# [Exercise prompt]
Drop every picture and give the entries back exactly.

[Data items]
[Start of section]

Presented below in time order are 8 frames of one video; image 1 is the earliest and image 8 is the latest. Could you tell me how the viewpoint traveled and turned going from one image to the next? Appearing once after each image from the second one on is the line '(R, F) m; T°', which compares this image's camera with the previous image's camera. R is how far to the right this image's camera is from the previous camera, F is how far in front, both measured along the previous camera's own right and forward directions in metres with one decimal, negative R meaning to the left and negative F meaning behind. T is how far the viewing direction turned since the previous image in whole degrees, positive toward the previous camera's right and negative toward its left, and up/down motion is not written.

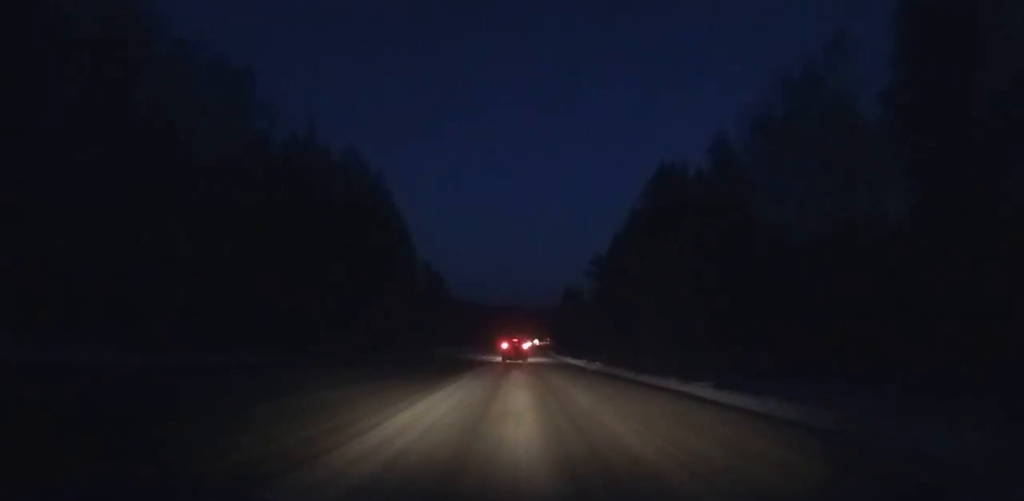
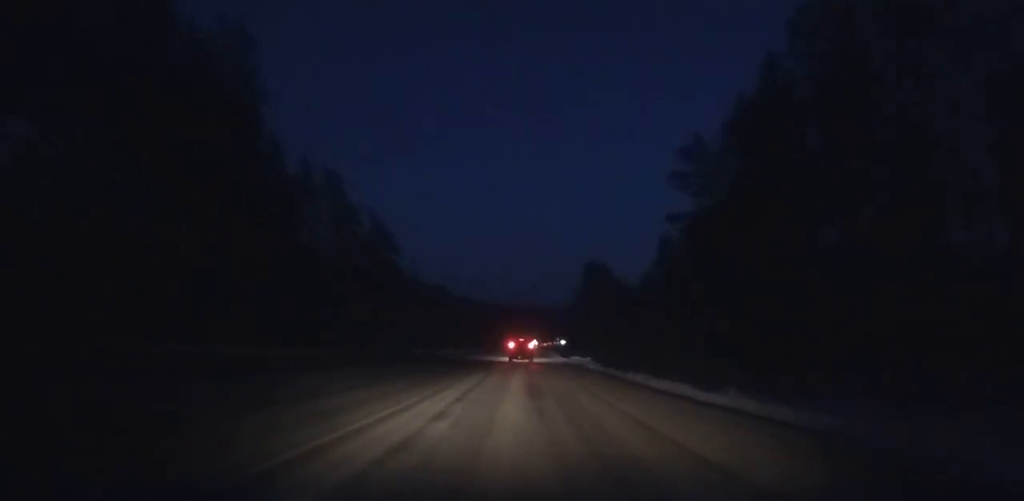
(+0.2, +62.6) m; +1°
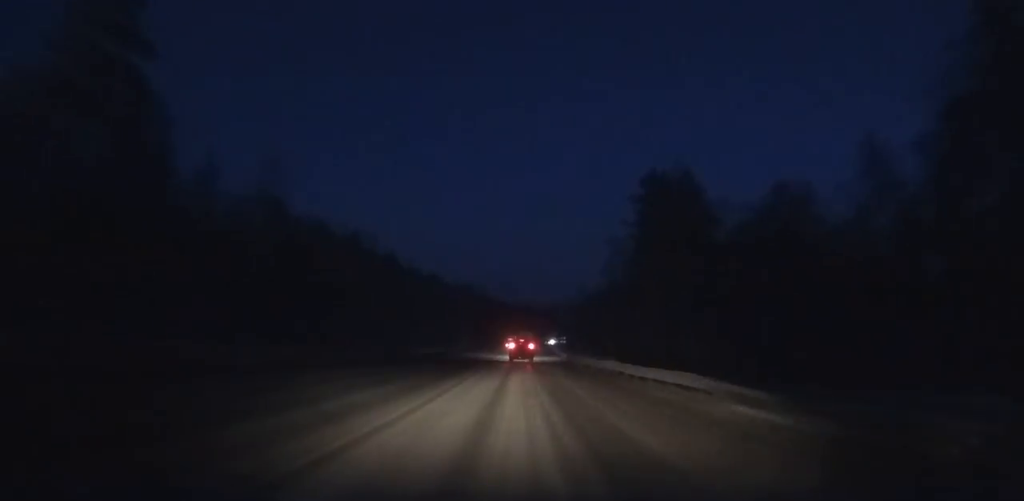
(+0.5, +69.0) m; +1°
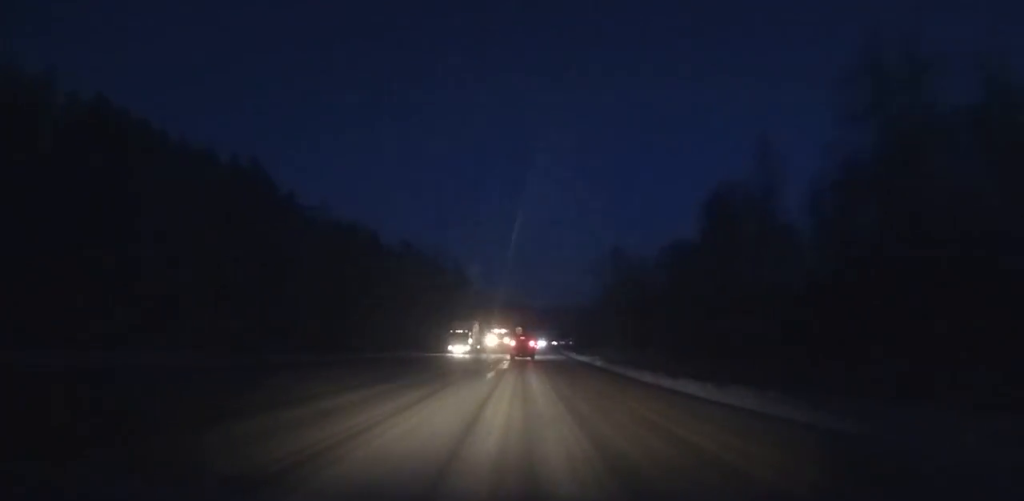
(+0.7, +72.1) m; +1°
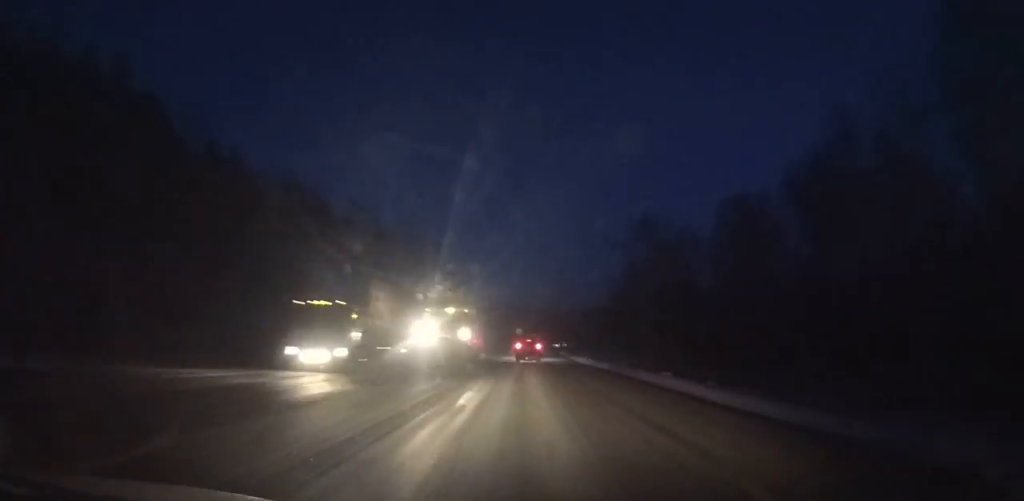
(+0.1, +27.2) m; 0°
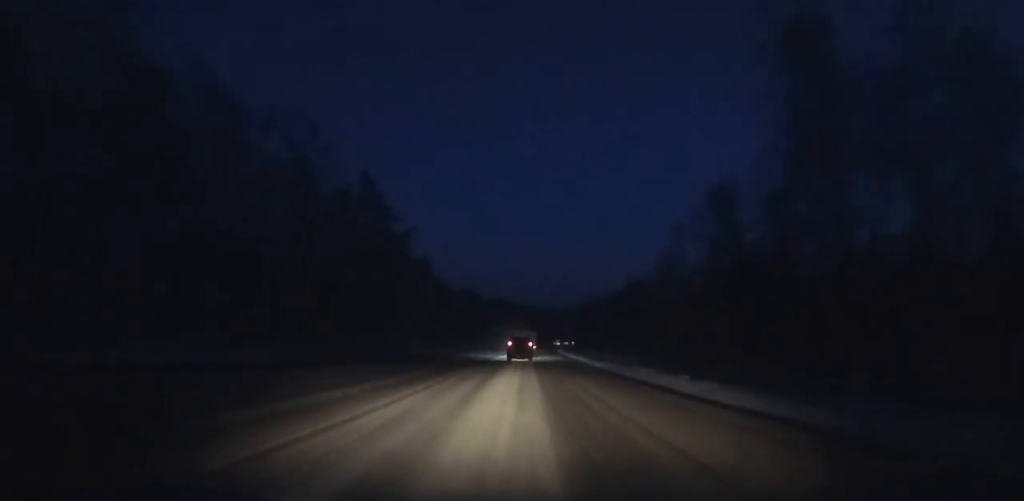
(+0.4, +45.2) m; +1°
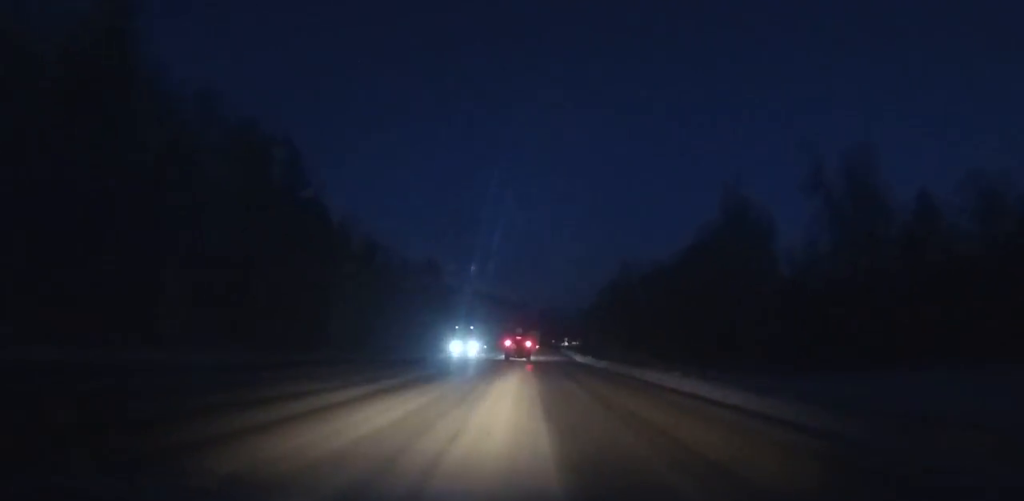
(+0.6, +76.1) m; +1°
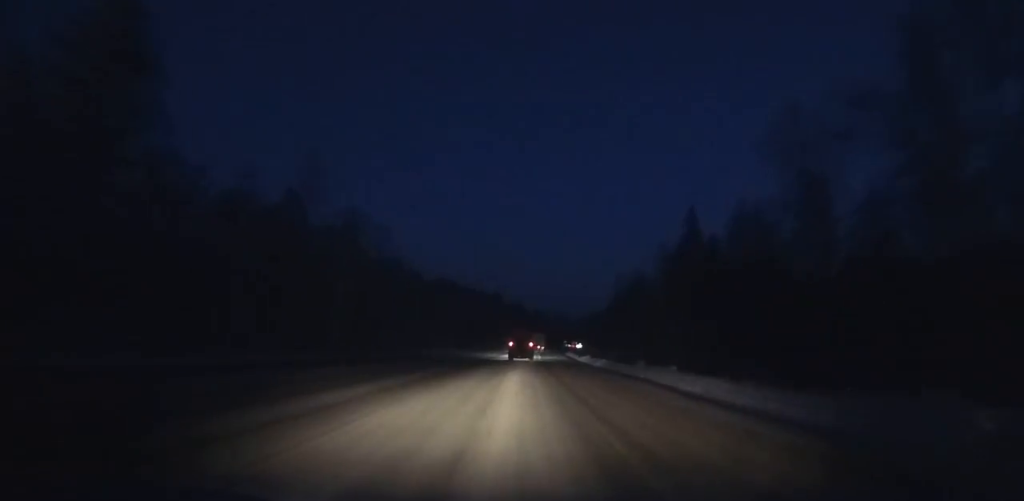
(+1.8, +114.6) m; +2°

[End of section]

# [Answer area]
Presented below in time order are 8 frames of one video; image 1 is the earliest and image 8 is the latest. Could you tell me how the viewpoint traveled and turned going from one image to the next? Appearing once after each image from the second one on is the line '(R, F) m; T°', which compares this image's camera with the previous image's camera. R is how far to the right this image's camera is from the previous camera, F is how far in front, both measured along the previous camera's own right and forward directions in metres with one decimal, negative R meaning to the left and negative F meaning behind. T is how far the viewing direction turned since the previous image in whole degrees, positive toward the previous camera's right and negative toward its left, and up/down motion is not written.

(+0.2, +62.6) m; +1°
(+0.5, +69.0) m; +1°
(+0.7, +72.1) m; +1°
(+0.1, +27.2) m; 0°
(+0.4, +45.2) m; +1°
(+0.6, +76.1) m; +1°
(+1.8, +114.6) m; +2°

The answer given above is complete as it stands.